In the wake of Sarah’s death, Sara threw herself into campaigning for Sarah’s Law, which allows anyone to formally ask police if someone with access to a child has a record for child sexual offences.
She also had another daughter, Ellie, in 2003 — just months after parting from Michael, who she had been married to for 13 years, blaming the split on the strain of coping with murder.
Years of stress and campaigning resulted in her suffering two aneurysms. The last, in 2009, left her in a coma, with doctors telling family it was unlikely she would survive.
Sara, who now has limited movement in her left arm and short-term memory loss, said: “Things changed after the strokes. I couldn’t let my kids lose their mum as well.
“I knew I had to be easier on myself so I started working less.”
In 2014 the family was dealt another blow when Michael, whose despair had driven him to drinking, was found dead at his home.
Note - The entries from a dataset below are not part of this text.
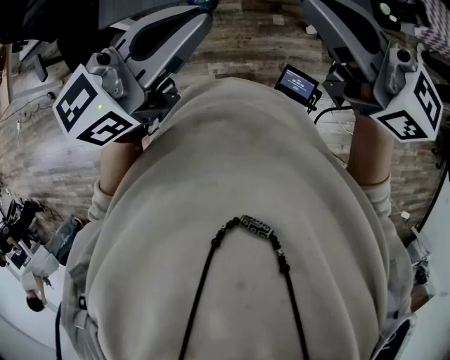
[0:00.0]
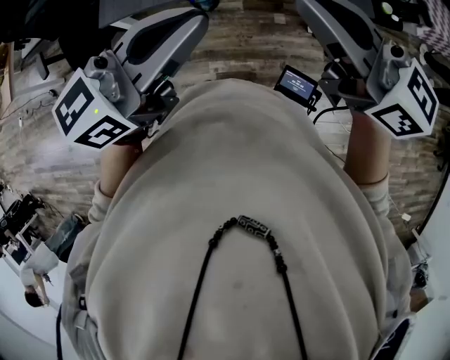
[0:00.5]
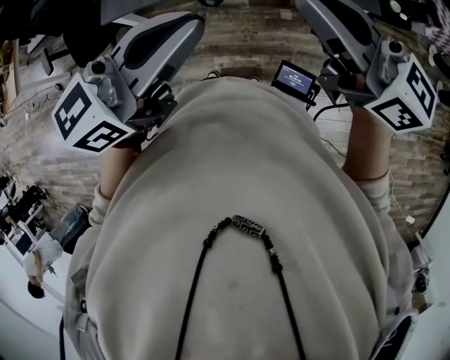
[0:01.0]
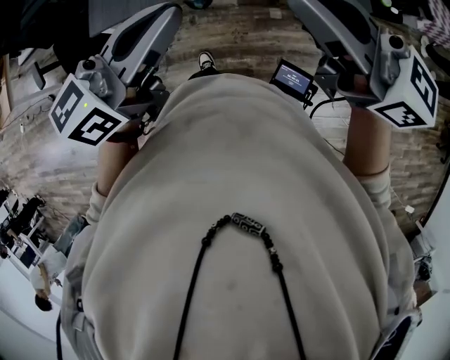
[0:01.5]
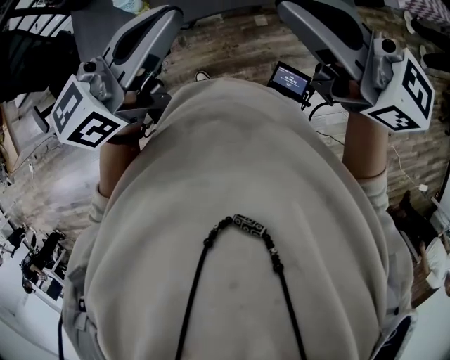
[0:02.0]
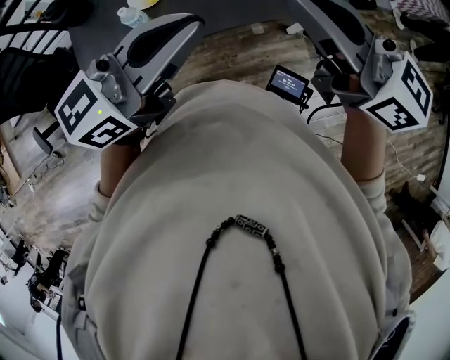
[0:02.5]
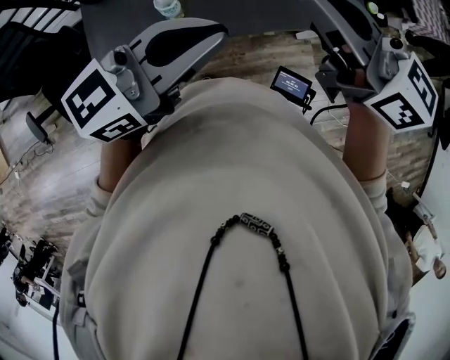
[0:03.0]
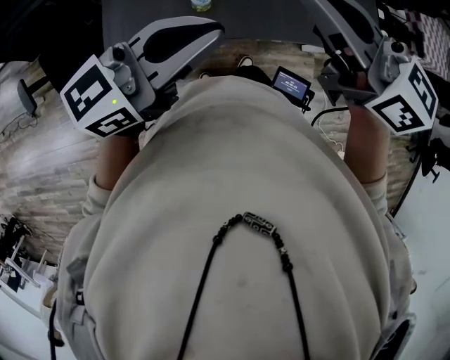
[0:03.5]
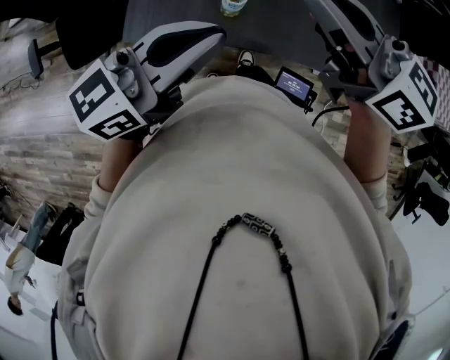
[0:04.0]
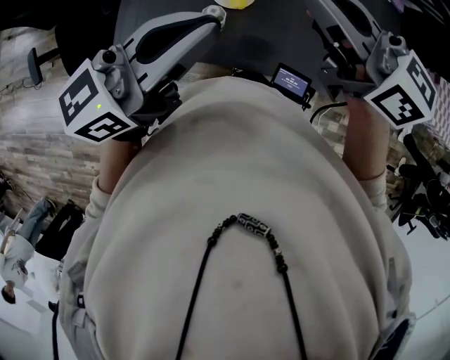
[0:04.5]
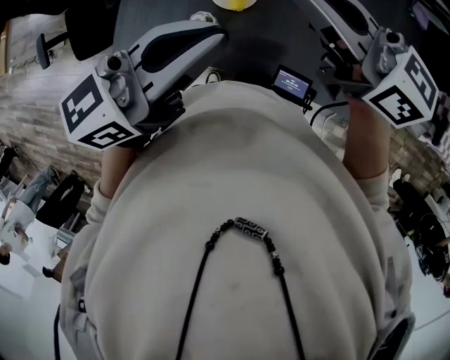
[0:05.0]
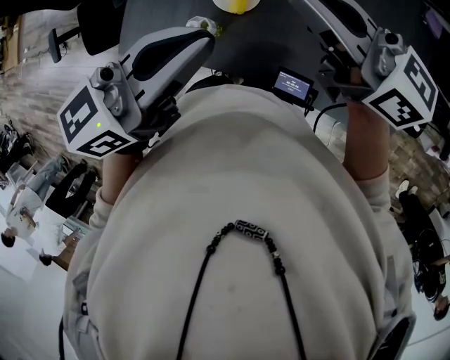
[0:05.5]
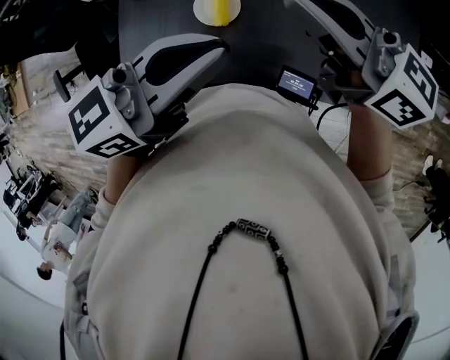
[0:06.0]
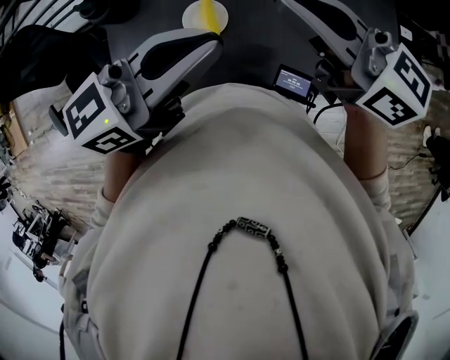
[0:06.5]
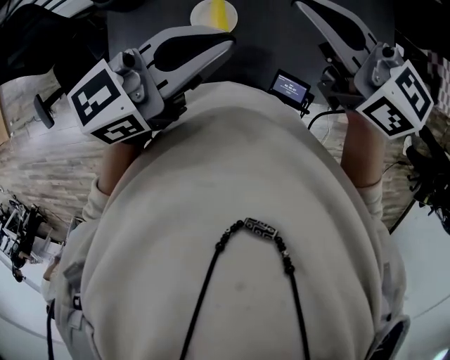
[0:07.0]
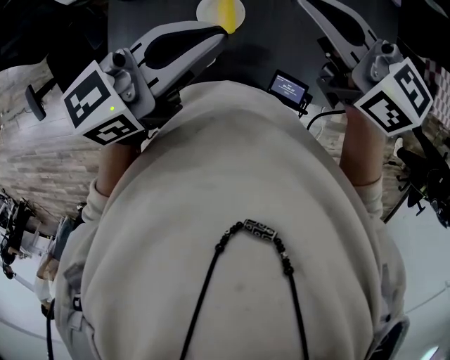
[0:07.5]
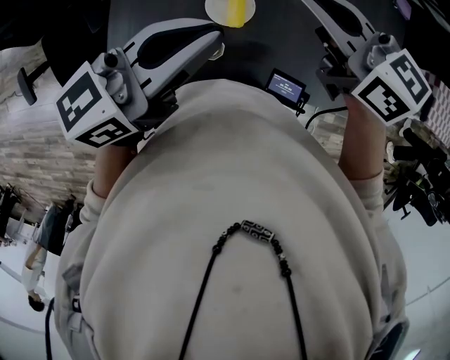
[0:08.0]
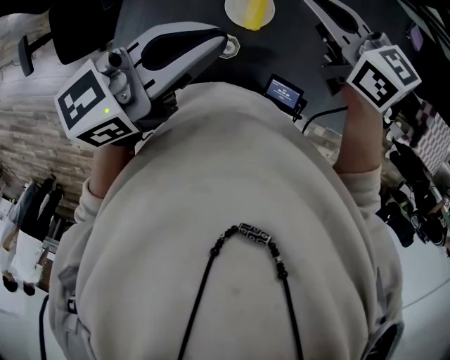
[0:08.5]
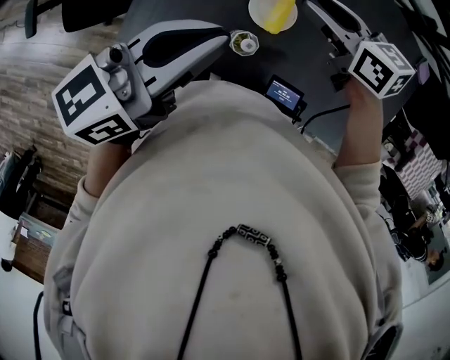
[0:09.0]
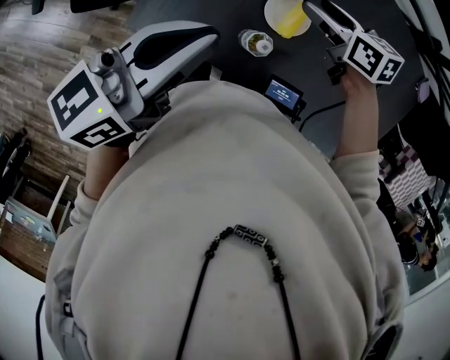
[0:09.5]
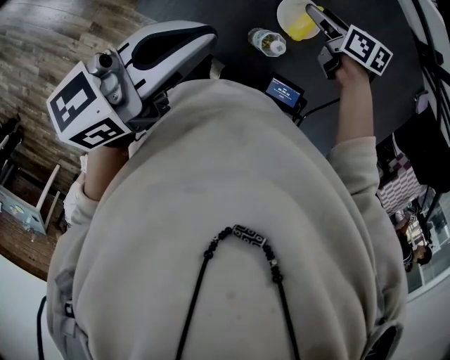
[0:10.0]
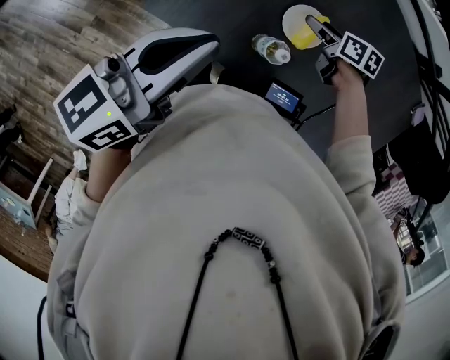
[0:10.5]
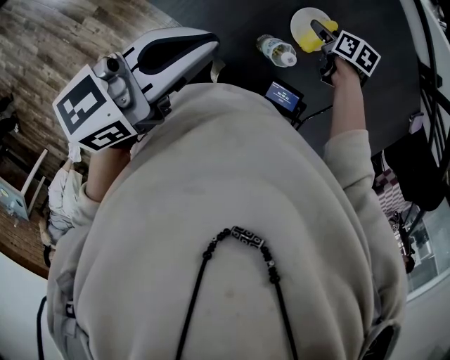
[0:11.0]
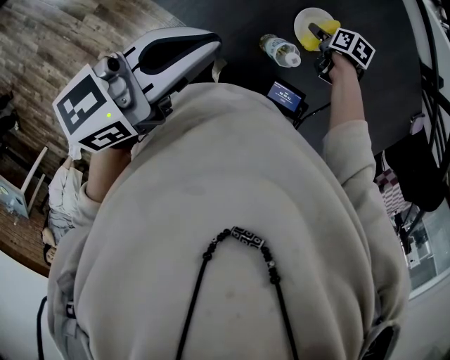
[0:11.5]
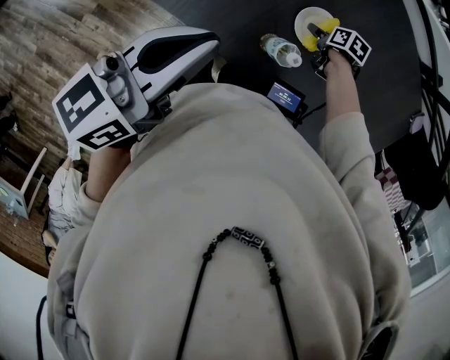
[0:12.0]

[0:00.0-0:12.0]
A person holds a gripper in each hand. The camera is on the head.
0:00.0 to 0:02.0: The left gripper shifts roughly 5 cm forward.
0:02.0 to 0:04.0: The right gripper goes roughly 5 cm forward.
0:04.0 to 0:06.0: Both grippers travel together to the right, approximately 10 cm.
0:06.0 to 0:08.0: The two grippers go roughly 10 cm to the left. The right gripper swivels about 20 degrees.
0:08.0 to 0:10.0: The right gripper heads downward, covering approximately 20 cm, turns by roughly 30 degrees, and opens; the left gripper is displaced to the left and backward by roughly 15 cm, and swivels about 30 degrees.
0:10.0 to 0:12.0: The right gripper is displaced downward by roughly 15 cm, and swivels roughly 30 degrees.

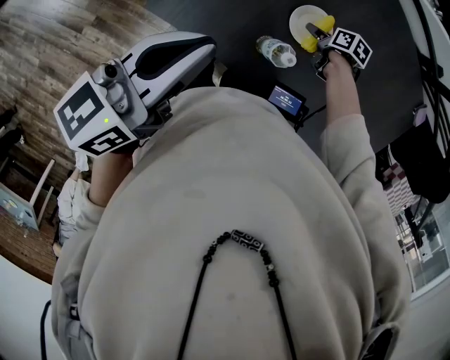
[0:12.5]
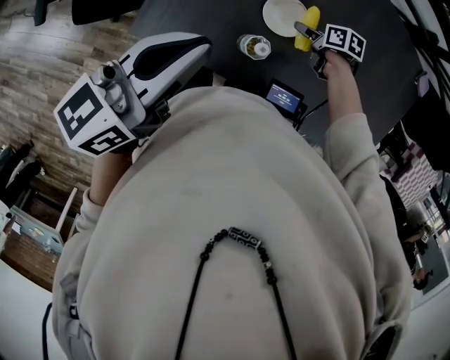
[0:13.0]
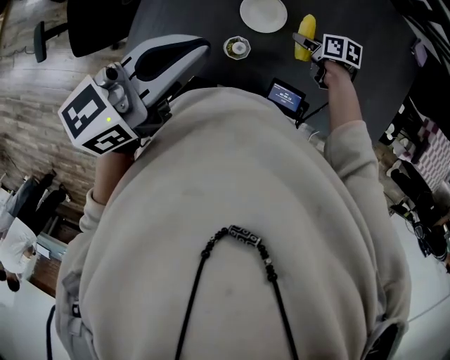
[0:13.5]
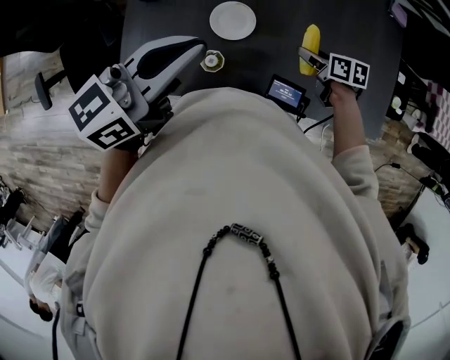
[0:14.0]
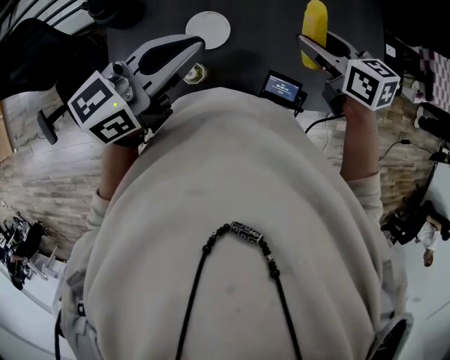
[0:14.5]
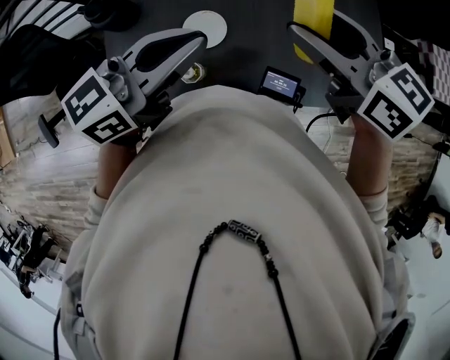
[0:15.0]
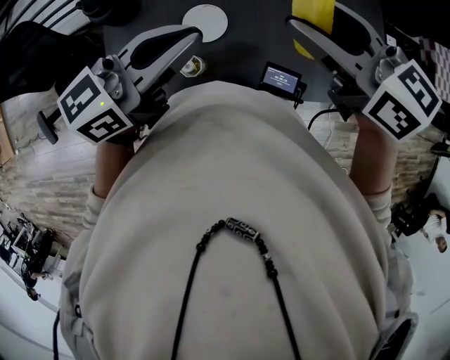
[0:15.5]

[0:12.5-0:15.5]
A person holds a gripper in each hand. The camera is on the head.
0:12.5 to 0:14.0: The left gripper changes place by approximately 15 cm, and changes its angle by some 30 degrees. The right gripper shifts by about 20 cm, and swivels roughly 20 degrees.
0:14.0 to 0:15.5: The right gripper travels upward by approximately 35 cm, and tips its fingers upward by some 30 degrees.

But Sara, now a gran of four, says their lost little girl has managed to bring comfort through it all and still brings the family together.
She said: “I try to include Sarah in the children’s lives.
“We have a huge picture on the wall of the family and right next to it is a large picture of Sarah. She is still one of the gang. She will for ever be part of the family.
“Sarah had a pink blanket that’s safely put away but every now and again it goes missing. It is always with one of the other children.
“The coroner very kindly cut me a loop of Sarah’s hair. And every now and then I look at it and touch it and remember she was real . . . not a picture on a poster or any of those things.
“Sometimes I just need to know that she was actually here and that she’d come from me.” The book has also helped preserve the links between mother and daughter.
Sara said: “Seeing her become a teenager, slamming doors, tantrums, staying out late — this book touches on what it is to miss those things.
“It’s me talking to her as much as I can.”
Sara added: “I feel that in the past few years we have reclaimed Sarah on her anniversary of her death and birthday from Roy Whiting. July 1 has nothing to do with that man.
“That is a day when all the family get together and remember the day we last saw Sarah.”
- Sara’s book, Letters To Sarah, is out on Thursday. It is published by John Blake and costs £8.99.